Since landing, the rovers have made important scientific
discoveries. Spirit discovered
deposits of salts and minerals such as sulfur and silica, which only form with
water. This happened when it inadvertently dug a trench behind itself while dragging a broken right
front wheel. This video highlights Spirit’s
adventures:
Opportunity, the
crater-exploring rover, was fortunate to land on exposed bedrock that was
determined to be laid down in water some 3.5 to 4 billion years ago. This was the first
evidence of ancient surface water.

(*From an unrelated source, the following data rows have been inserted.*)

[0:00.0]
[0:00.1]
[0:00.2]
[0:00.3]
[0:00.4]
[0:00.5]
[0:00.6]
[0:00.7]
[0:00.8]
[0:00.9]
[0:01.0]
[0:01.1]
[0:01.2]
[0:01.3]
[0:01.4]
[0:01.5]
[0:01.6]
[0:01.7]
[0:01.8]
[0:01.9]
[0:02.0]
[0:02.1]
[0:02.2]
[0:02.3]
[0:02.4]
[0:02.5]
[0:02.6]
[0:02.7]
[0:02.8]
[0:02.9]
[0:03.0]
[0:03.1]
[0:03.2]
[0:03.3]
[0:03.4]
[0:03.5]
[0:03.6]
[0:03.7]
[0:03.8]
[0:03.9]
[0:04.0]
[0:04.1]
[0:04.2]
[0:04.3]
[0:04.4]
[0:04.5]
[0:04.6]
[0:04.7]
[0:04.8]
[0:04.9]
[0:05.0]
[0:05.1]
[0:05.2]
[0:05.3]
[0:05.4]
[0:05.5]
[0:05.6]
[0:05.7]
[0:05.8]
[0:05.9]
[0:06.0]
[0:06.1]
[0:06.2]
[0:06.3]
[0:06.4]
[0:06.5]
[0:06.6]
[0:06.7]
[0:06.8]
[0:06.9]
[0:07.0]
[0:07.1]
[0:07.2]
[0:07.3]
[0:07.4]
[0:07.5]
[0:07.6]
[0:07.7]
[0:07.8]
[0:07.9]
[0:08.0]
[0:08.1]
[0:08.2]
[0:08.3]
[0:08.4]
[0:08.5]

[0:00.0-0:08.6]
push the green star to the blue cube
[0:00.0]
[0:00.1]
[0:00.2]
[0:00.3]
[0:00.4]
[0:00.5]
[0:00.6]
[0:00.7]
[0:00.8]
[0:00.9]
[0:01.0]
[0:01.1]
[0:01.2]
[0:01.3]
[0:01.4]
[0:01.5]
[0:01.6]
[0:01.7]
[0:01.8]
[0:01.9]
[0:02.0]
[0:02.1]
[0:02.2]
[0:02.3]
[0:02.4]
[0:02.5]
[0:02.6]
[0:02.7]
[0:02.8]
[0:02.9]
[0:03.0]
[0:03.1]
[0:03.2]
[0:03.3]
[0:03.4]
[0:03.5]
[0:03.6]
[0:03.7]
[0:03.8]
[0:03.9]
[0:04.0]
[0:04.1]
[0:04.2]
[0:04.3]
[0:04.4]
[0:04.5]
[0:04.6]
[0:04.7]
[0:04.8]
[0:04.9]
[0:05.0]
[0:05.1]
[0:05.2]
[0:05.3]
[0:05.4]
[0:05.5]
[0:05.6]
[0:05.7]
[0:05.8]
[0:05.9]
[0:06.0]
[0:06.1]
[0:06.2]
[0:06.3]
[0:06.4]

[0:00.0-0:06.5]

It also discovered tiny balls of material
that appear to have formed in the presence of water. This video highlights Opportunity’s activities:
Scott Maxwell, a rover driver at NASA’s Jet Propulsion Laboratory,
says that “the mission just keeps getting better and better the longer it goes.”
“Mars is such a
complex place, and these are such capable vehicles that there will never come a time when we’re done; five years
from now there is going to be some wonderful, tantalizing thing just beyond our
reach that we didn’t quite get to,” adds Steve Squyres, principal investigator of the rovers at Cornell University.